The expected output is every record below, transcribed exactly, with the pictures left out.

====================

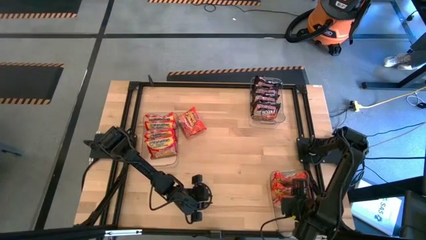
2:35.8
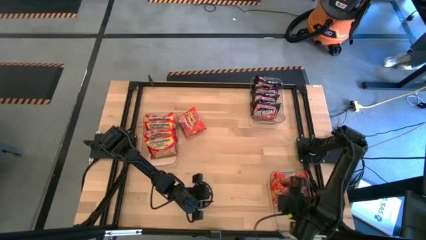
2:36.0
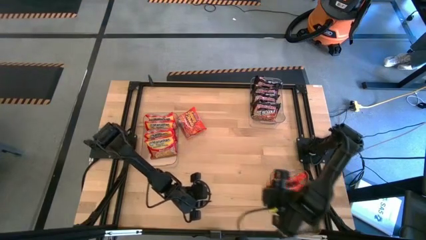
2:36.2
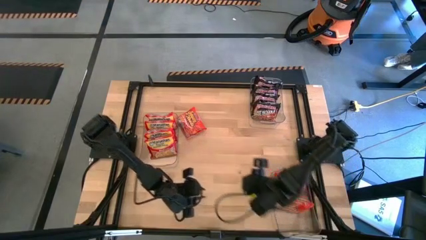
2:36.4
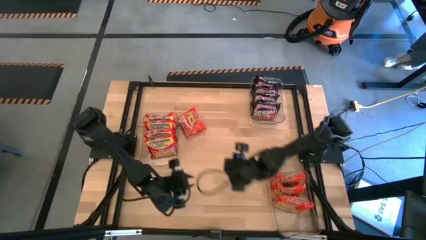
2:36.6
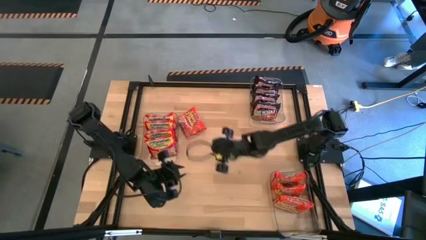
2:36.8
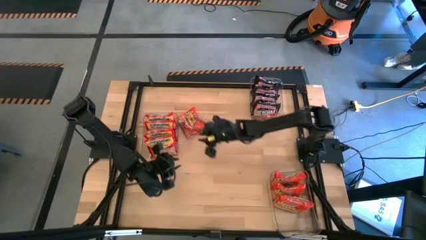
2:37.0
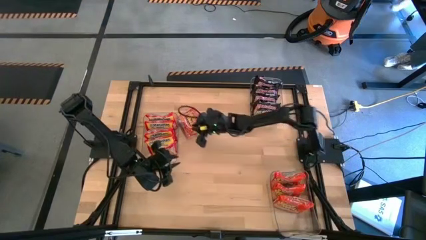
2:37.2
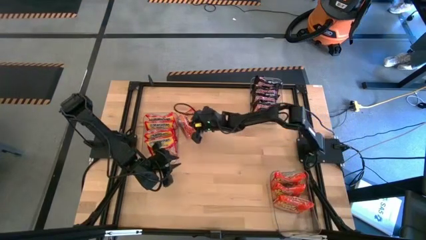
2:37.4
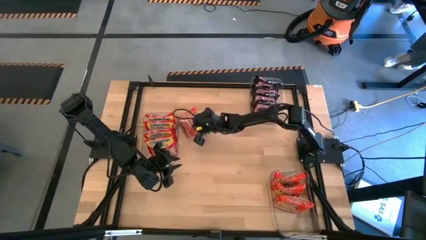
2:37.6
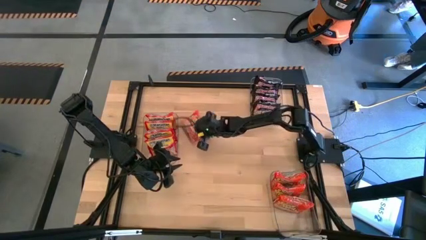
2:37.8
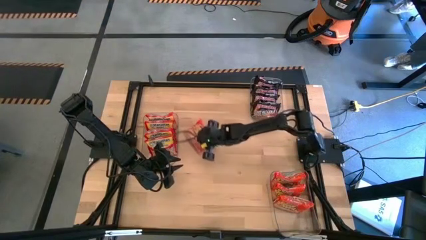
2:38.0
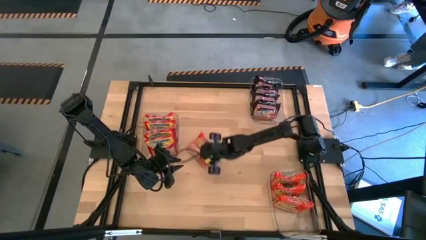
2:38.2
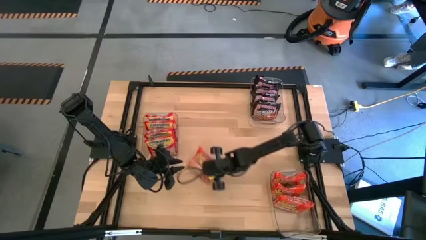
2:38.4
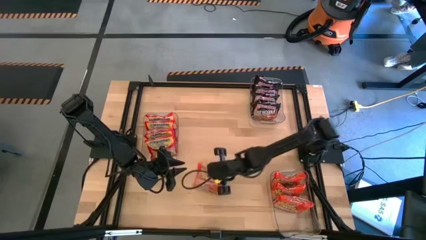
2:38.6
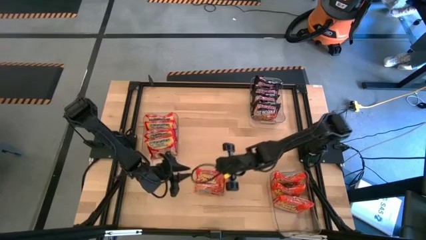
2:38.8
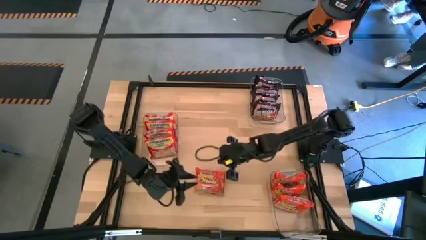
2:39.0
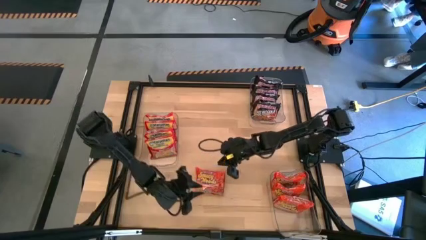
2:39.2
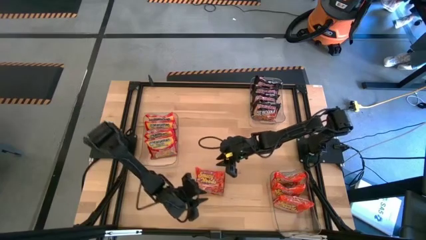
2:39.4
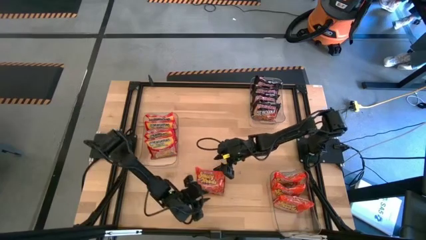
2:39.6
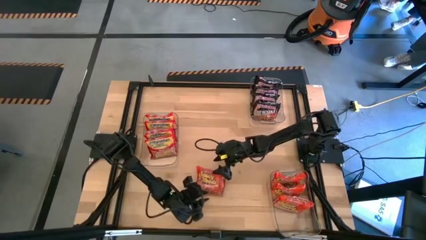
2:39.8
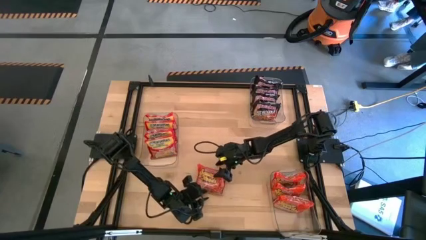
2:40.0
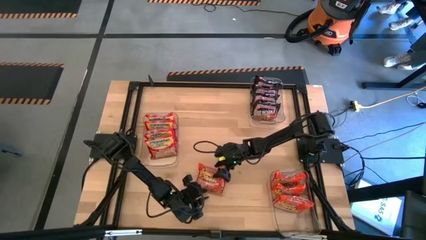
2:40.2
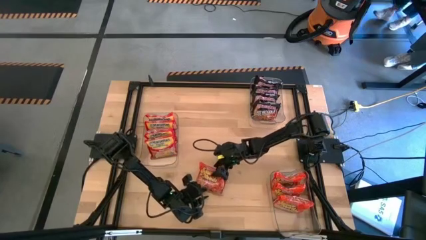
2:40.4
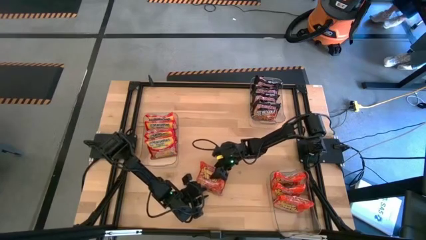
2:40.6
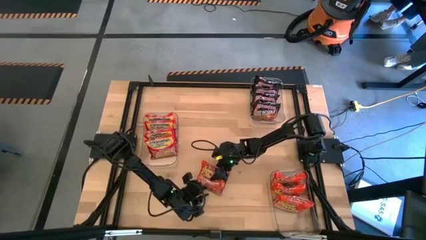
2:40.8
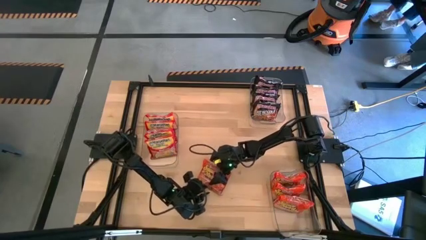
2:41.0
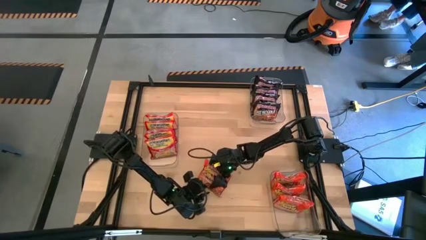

====================

**EXPECTED ANSWER:**
2:35.8
2:36.0
2:36.2
2:36.4
2:36.6
2:36.8
2:37.0
2:37.2
2:37.4
2:37.6
2:37.8
2:38.0
2:38.2
2:38.4
2:38.6
2:38.8
2:39.0
2:39.2
2:39.4
2:39.6
2:39.8
2:40.0
2:40.2
2:40.4
2:40.6
2:40.8
2:41.0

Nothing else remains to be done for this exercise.